Exercise inputs START

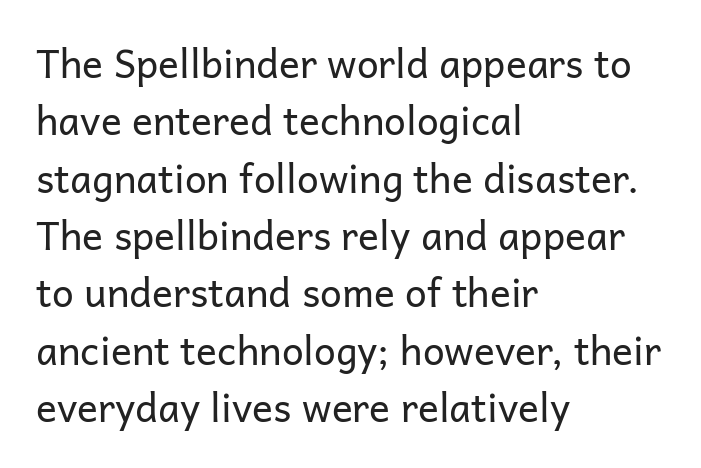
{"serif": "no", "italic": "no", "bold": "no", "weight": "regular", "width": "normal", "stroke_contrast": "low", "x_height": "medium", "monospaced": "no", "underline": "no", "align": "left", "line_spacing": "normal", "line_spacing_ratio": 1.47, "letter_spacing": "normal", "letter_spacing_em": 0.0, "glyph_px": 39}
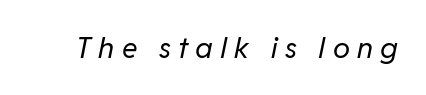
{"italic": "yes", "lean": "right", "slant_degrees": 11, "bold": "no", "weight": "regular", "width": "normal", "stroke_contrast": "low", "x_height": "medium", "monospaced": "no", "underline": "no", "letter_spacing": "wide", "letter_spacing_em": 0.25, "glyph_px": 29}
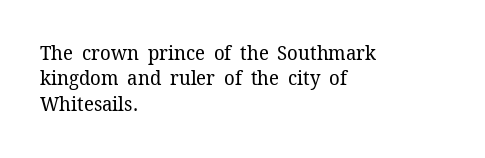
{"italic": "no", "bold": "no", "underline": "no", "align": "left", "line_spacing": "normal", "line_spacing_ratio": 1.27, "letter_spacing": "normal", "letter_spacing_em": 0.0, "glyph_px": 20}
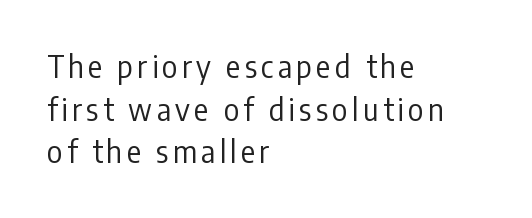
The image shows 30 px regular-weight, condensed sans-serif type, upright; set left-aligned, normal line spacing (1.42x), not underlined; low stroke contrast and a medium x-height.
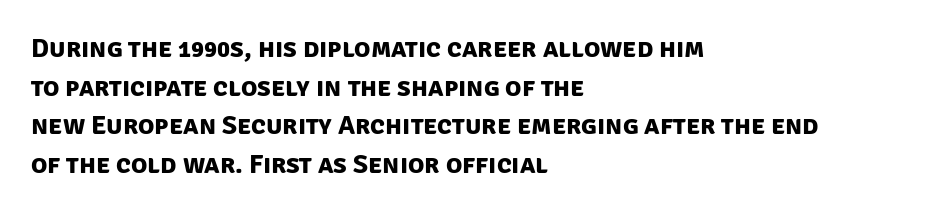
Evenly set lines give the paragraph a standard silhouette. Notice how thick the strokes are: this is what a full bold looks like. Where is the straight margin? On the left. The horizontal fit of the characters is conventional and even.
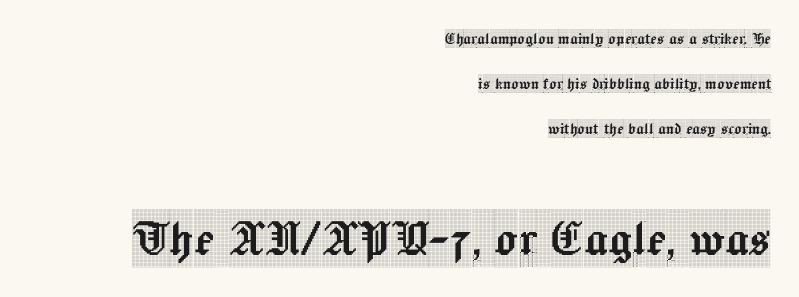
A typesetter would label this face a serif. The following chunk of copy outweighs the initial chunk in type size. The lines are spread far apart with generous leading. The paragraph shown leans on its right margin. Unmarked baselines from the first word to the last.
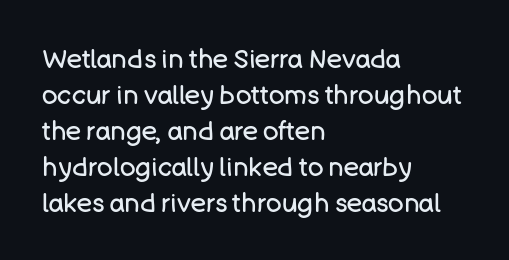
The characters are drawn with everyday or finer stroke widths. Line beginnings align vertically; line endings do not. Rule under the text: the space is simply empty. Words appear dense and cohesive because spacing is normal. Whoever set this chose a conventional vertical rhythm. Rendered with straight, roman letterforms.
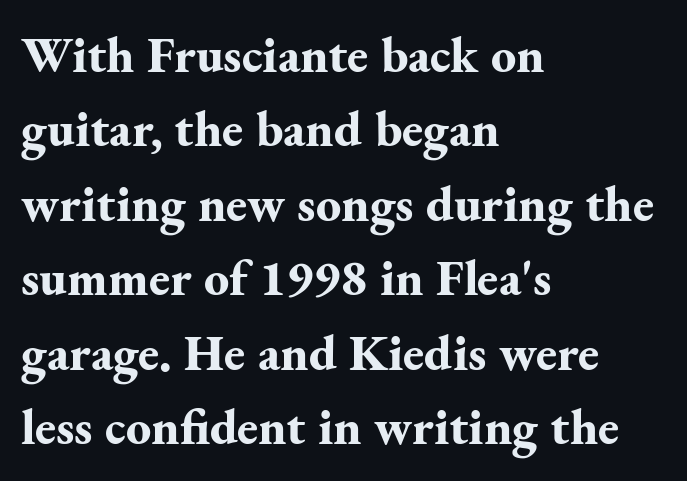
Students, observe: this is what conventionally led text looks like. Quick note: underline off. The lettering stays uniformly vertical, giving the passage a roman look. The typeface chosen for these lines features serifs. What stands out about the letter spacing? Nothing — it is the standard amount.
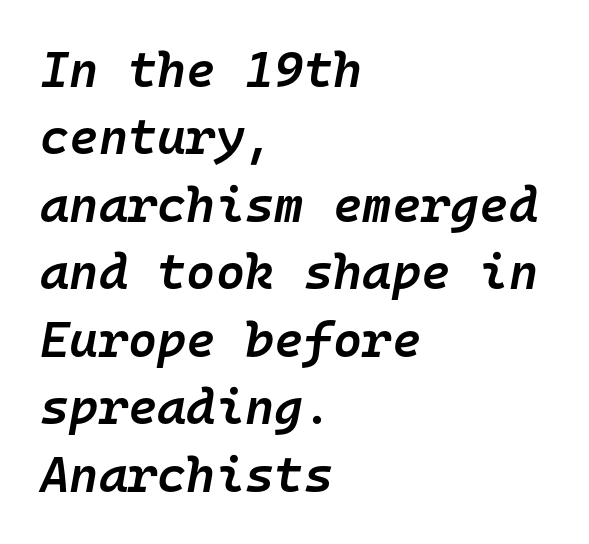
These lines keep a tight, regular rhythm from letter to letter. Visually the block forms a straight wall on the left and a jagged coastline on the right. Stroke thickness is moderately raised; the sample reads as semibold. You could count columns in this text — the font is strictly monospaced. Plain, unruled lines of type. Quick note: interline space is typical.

Exercise inputs END

Exercise objective:
Using the records above, copy every line that has the word "standard" in it.

Result of this exercise:
Evenly set lines give the paragraph a standard silhouette. Notice how thick the strokes are: this is what a full bold looks like. Where is the straight margin? On the left. The horizontal fit of the characters is conventional and even.
Students, observe: this is what conventionally led text looks like. Quick note: underline off. The lettering stays uniformly vertical, giving the passage a roman look. The typeface chosen for these lines features serifs. What stands out about the letter spacing? Nothing — it is the standard amount.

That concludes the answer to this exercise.